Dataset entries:

####

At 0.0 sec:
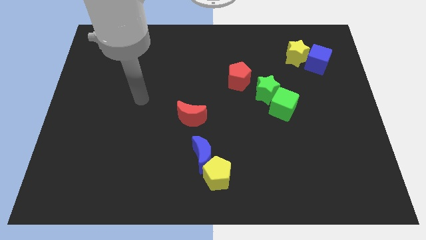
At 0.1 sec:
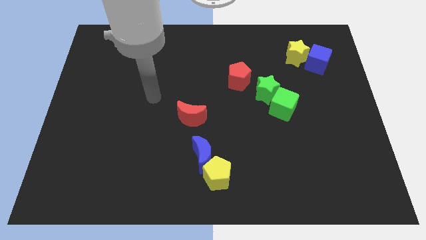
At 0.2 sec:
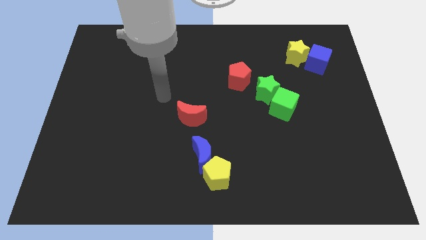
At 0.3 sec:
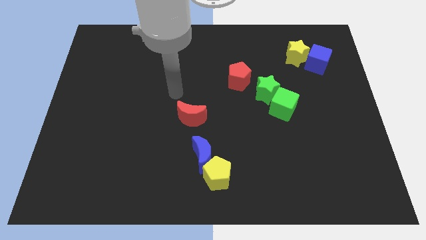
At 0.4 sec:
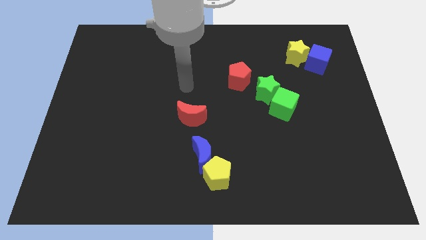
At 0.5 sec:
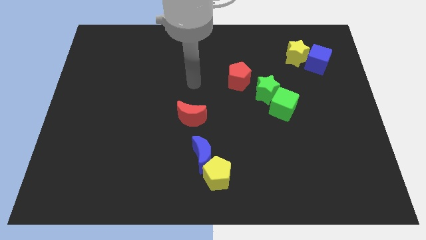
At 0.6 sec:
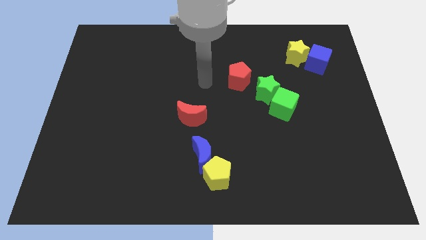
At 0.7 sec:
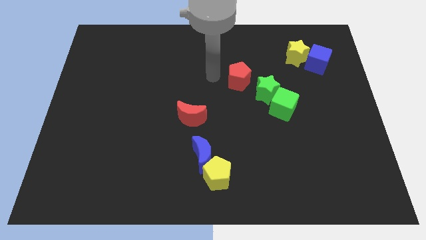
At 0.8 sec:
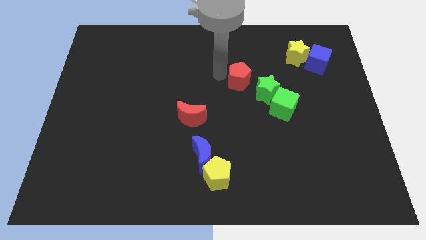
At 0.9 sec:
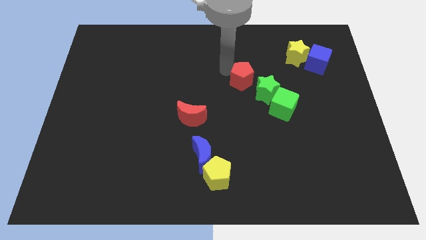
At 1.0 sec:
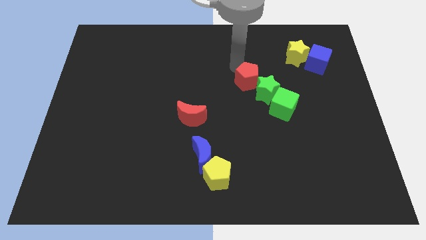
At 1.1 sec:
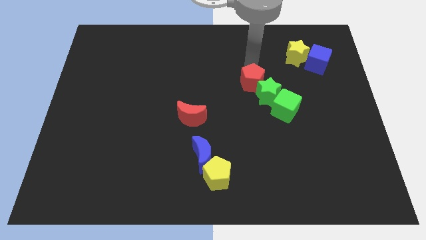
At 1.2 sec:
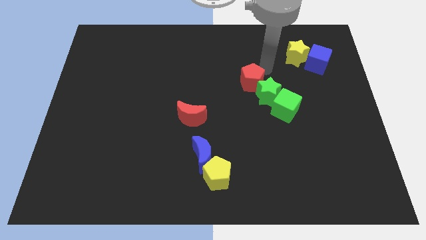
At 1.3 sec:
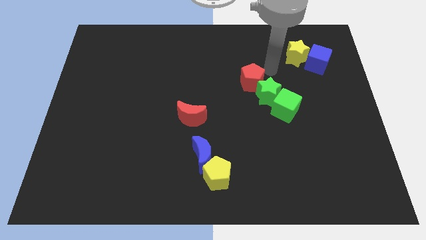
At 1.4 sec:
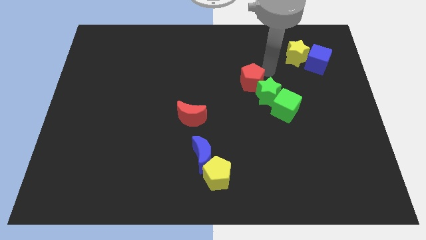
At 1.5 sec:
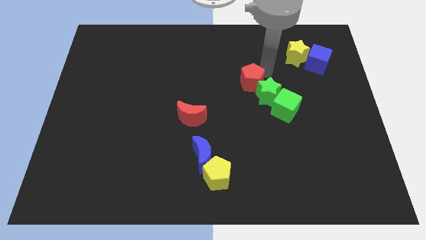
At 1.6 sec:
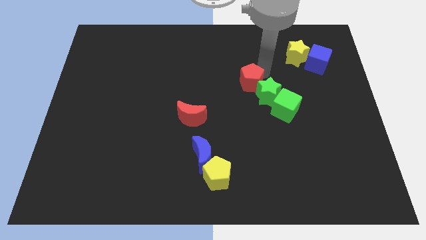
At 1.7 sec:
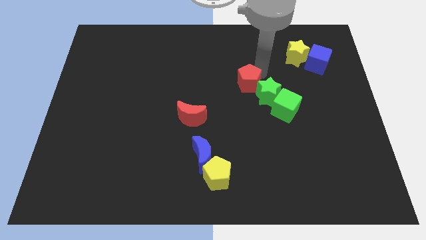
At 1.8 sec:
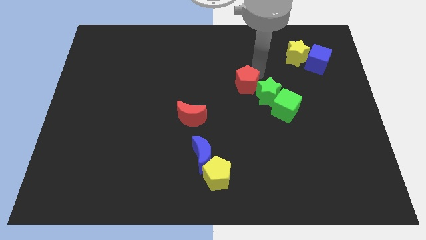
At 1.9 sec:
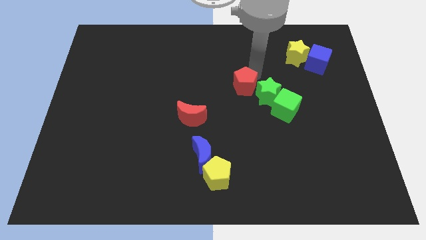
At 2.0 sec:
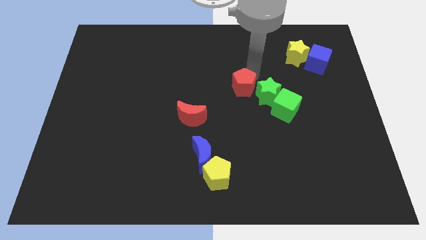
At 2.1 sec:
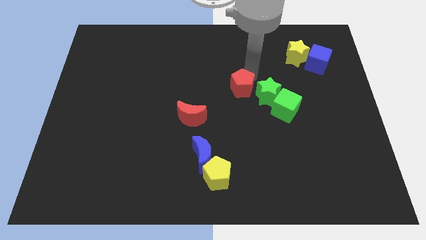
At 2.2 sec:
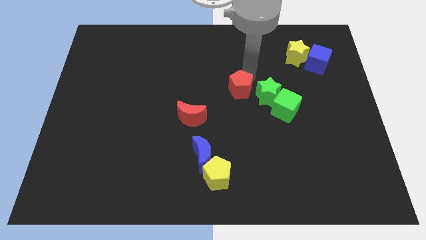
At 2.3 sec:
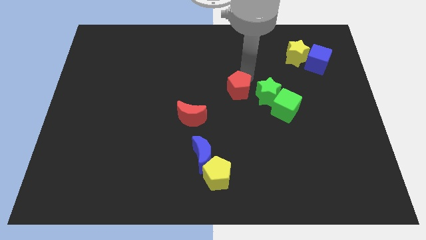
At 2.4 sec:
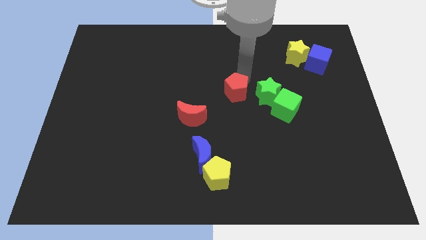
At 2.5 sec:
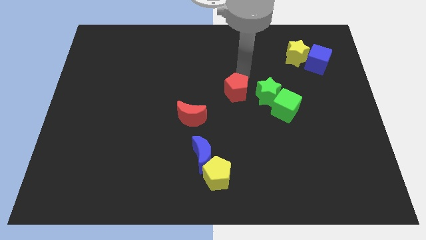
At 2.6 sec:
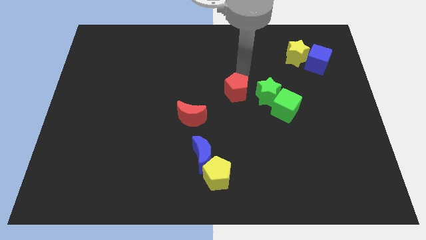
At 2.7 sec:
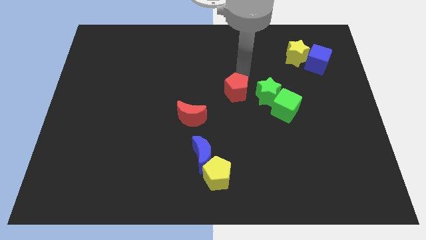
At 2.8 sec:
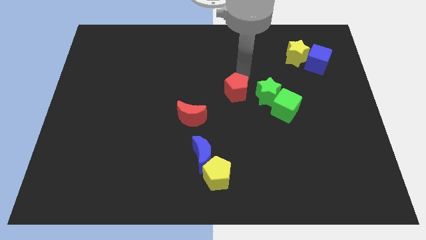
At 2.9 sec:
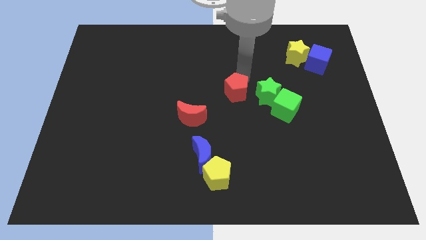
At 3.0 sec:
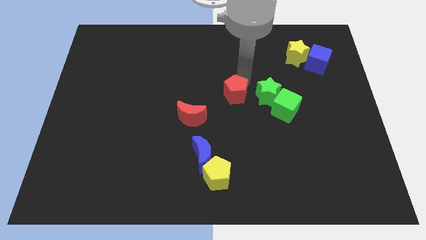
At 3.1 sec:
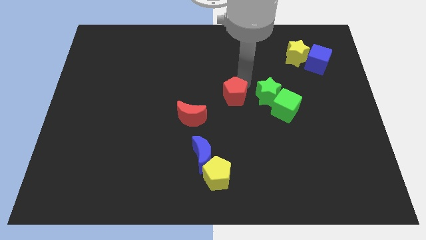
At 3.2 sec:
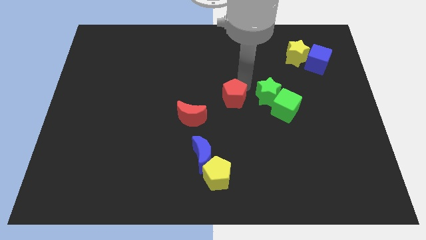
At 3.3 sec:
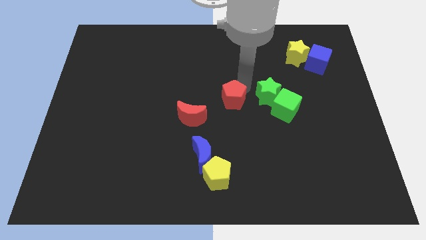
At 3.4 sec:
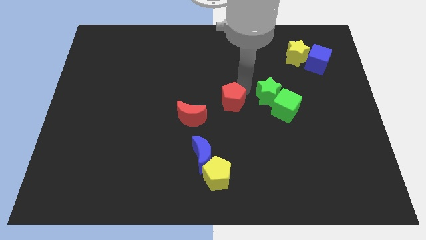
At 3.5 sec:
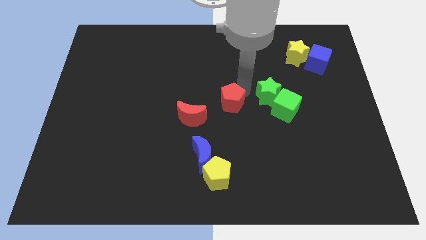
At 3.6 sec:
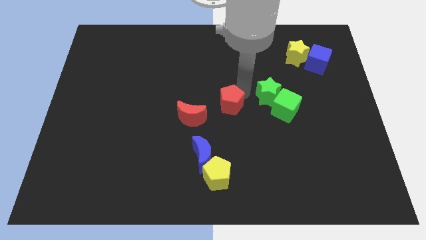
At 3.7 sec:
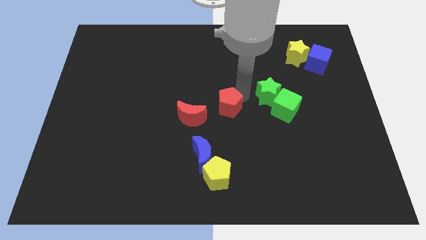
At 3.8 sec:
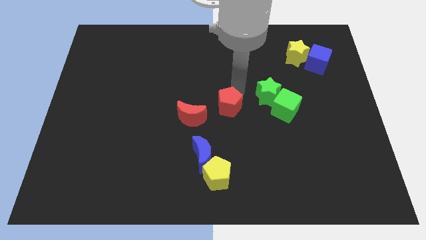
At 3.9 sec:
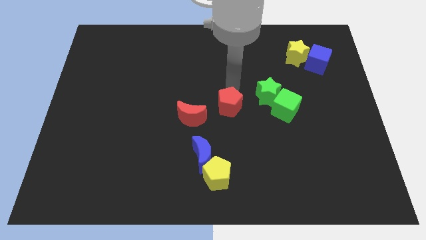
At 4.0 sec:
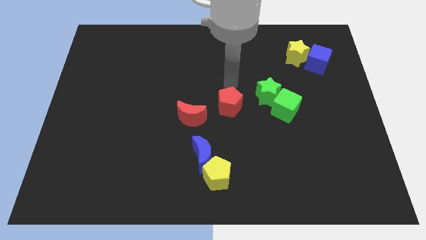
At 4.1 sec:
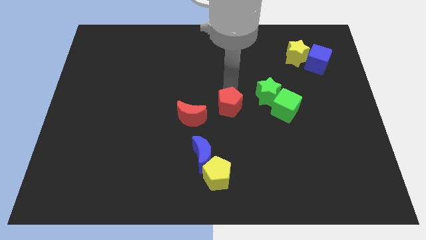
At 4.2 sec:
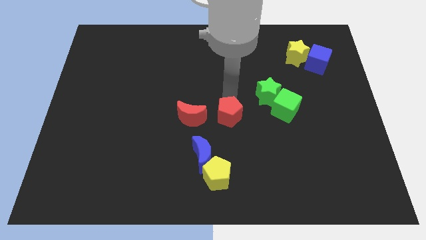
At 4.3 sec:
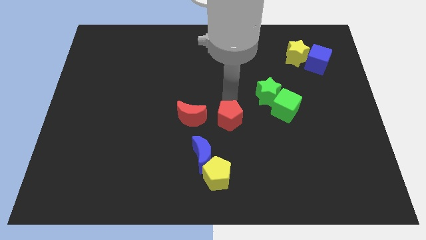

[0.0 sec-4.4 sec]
slide the red pentagon to the top right of the blue moon

####

WORK INSTRUCTIONS: Print all the entries exactly as they appear, without the pictures.

RESULT:
At 0.0 sec:
At 0.1 sec:
At 0.2 sec:
At 0.3 sec:
At 0.4 sec:
At 0.5 sec:
At 0.6 sec:
At 0.7 sec:
At 0.8 sec:
At 0.9 sec:
At 1.0 sec:
At 1.1 sec:
At 1.2 sec:
At 1.3 sec:
At 1.4 sec:
At 1.5 sec:
At 1.6 sec:
At 1.7 sec:
At 1.8 sec:
At 1.9 sec:
At 2.0 sec:
At 2.1 sec:
At 2.2 sec:
At 2.3 sec:
At 2.4 sec:
At 2.5 sec:
At 2.6 sec:
At 2.7 sec:
At 2.8 sec:
At 2.9 sec:
At 3.0 sec:
At 3.1 sec:
At 3.2 sec:
At 3.3 sec:
At 3.4 sec:
At 3.5 sec:
At 3.6 sec:
At 3.7 sec:
At 3.8 sec:
At 3.9 sec:
At 4.0 sec:
At 4.1 sec:
At 4.2 sec:
At 4.3 sec:

[0.0 sec-4.4 sec]
slide the red pentagon to the top right of the blue moon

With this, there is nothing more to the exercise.